(RECORDS FOR PROCESSING begins)
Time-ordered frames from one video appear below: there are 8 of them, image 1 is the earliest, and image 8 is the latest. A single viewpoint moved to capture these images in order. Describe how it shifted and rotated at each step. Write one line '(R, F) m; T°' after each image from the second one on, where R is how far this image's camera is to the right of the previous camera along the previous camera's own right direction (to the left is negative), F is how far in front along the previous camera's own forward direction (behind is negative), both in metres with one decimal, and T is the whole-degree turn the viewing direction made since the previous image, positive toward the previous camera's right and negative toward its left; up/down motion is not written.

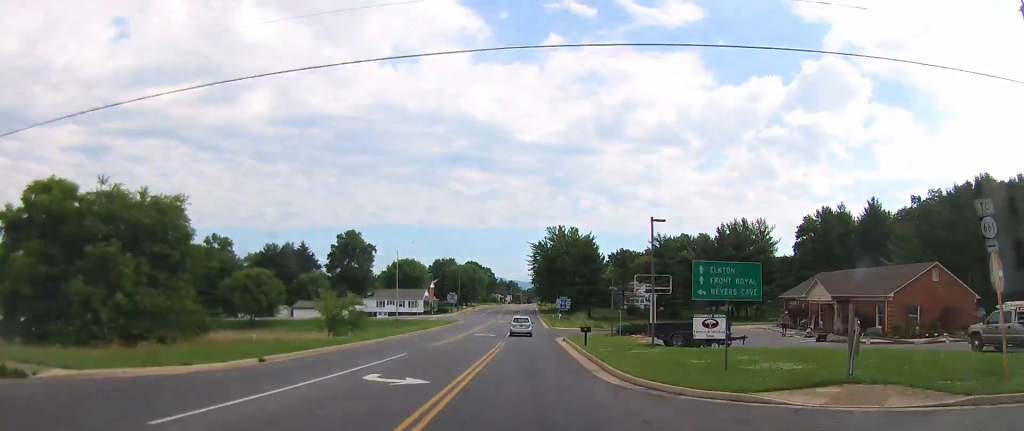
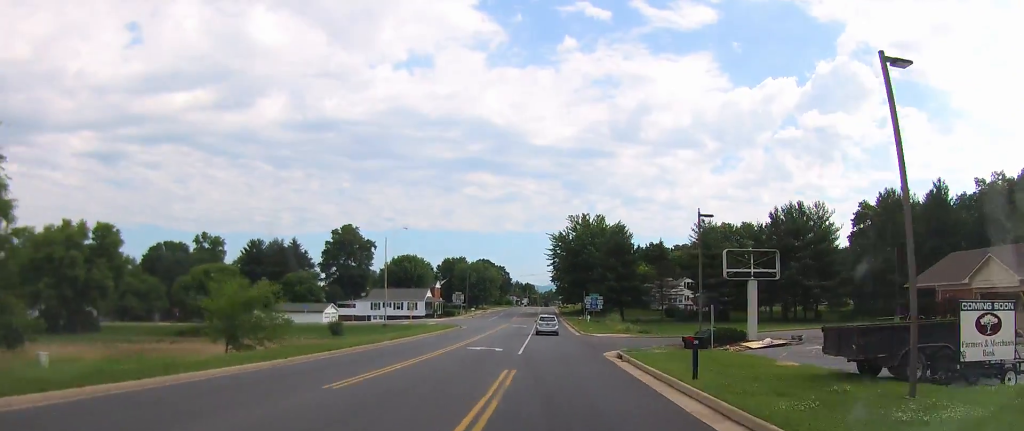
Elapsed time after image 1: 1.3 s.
(+0.7, +22.0) m; +1°
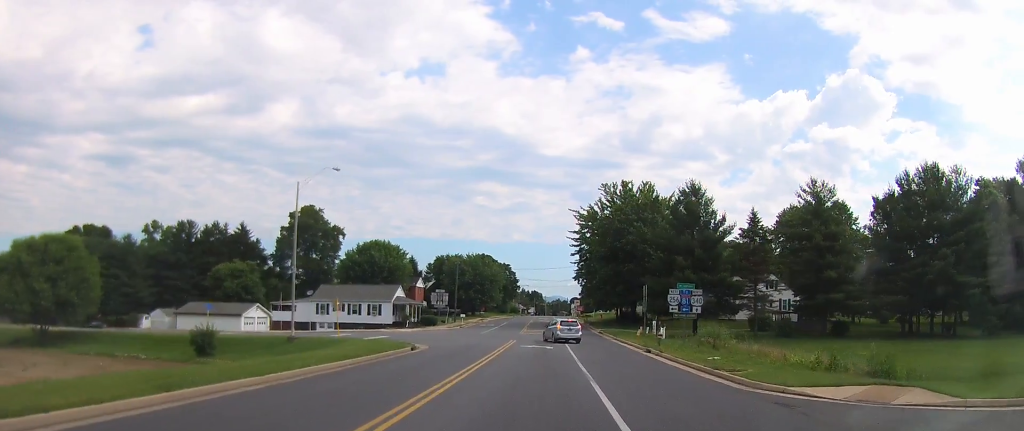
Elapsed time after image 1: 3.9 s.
(-1.8, +37.9) m; -3°
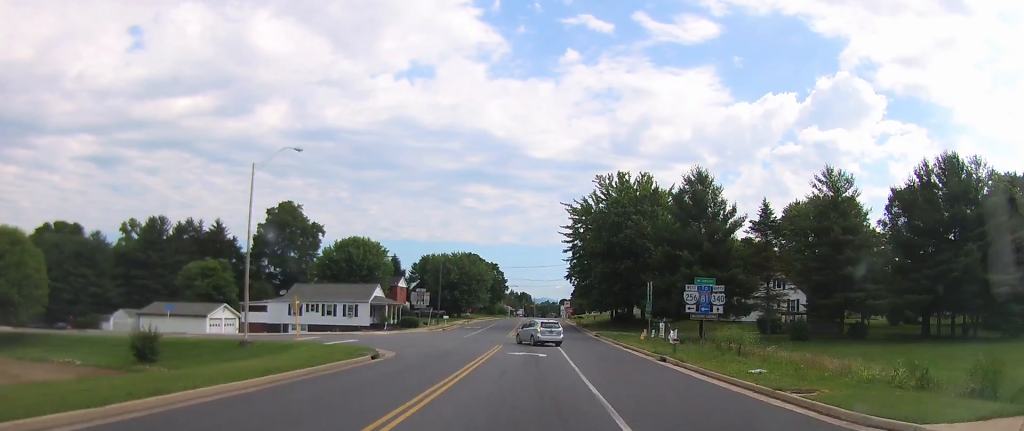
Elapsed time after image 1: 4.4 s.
(0.0, +6.6) m; 0°
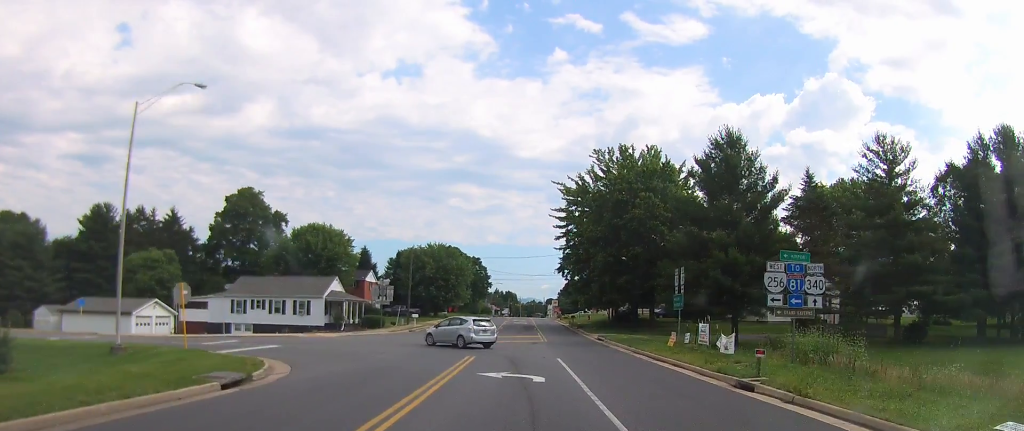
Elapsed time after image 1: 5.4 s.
(0.0, +13.8) m; -1°
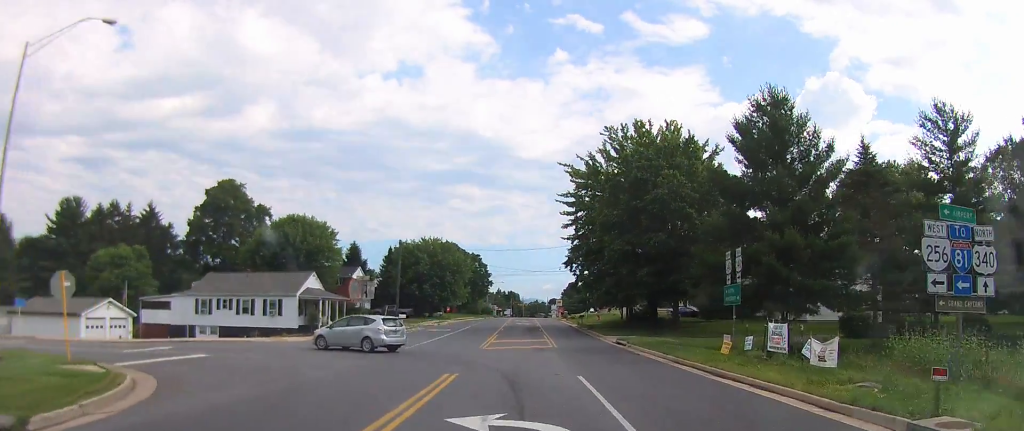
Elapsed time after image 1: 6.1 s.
(-0.1, +9.7) m; -1°
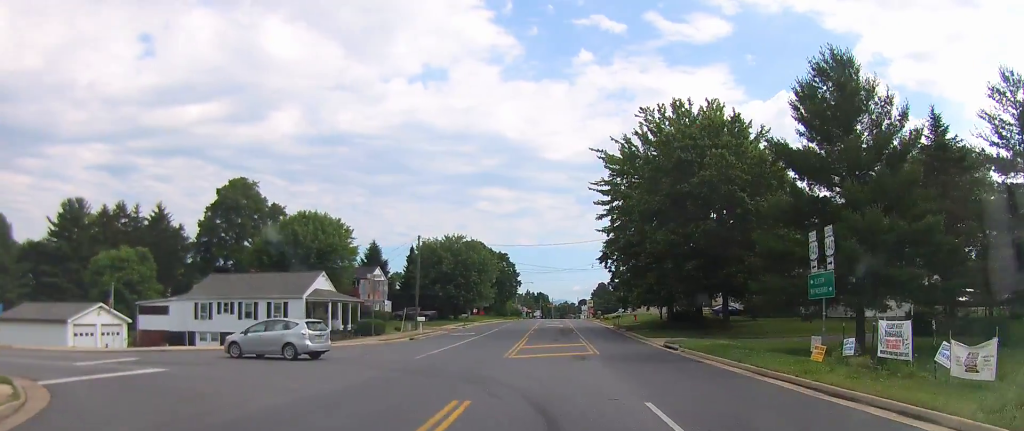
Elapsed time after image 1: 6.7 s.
(0.0, +6.7) m; 0°
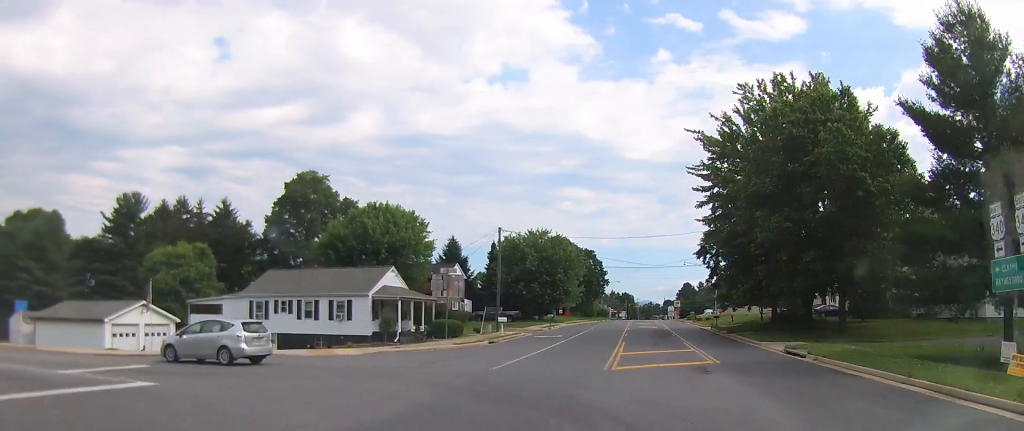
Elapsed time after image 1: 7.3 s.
(0.0, +7.0) m; 0°
(RECORDS FOR PROCESSING ends)
▸ TASK DESCRIPTION: Omit the pictures and print again exactly the lines from the one with "Elapsed time after image 1: 4.4 s." through the final line of the entries, both ends included.

▸ TASK OUTPUT:
Elapsed time after image 1: 4.4 s.
(0.0, +6.6) m; 0°
Elapsed time after image 1: 5.4 s.
(0.0, +13.8) m; -1°
Elapsed time after image 1: 6.1 s.
(-0.1, +9.7) m; -1°
Elapsed time after image 1: 6.7 s.
(0.0, +6.7) m; 0°
Elapsed time after image 1: 7.3 s.
(0.0, +7.0) m; 0°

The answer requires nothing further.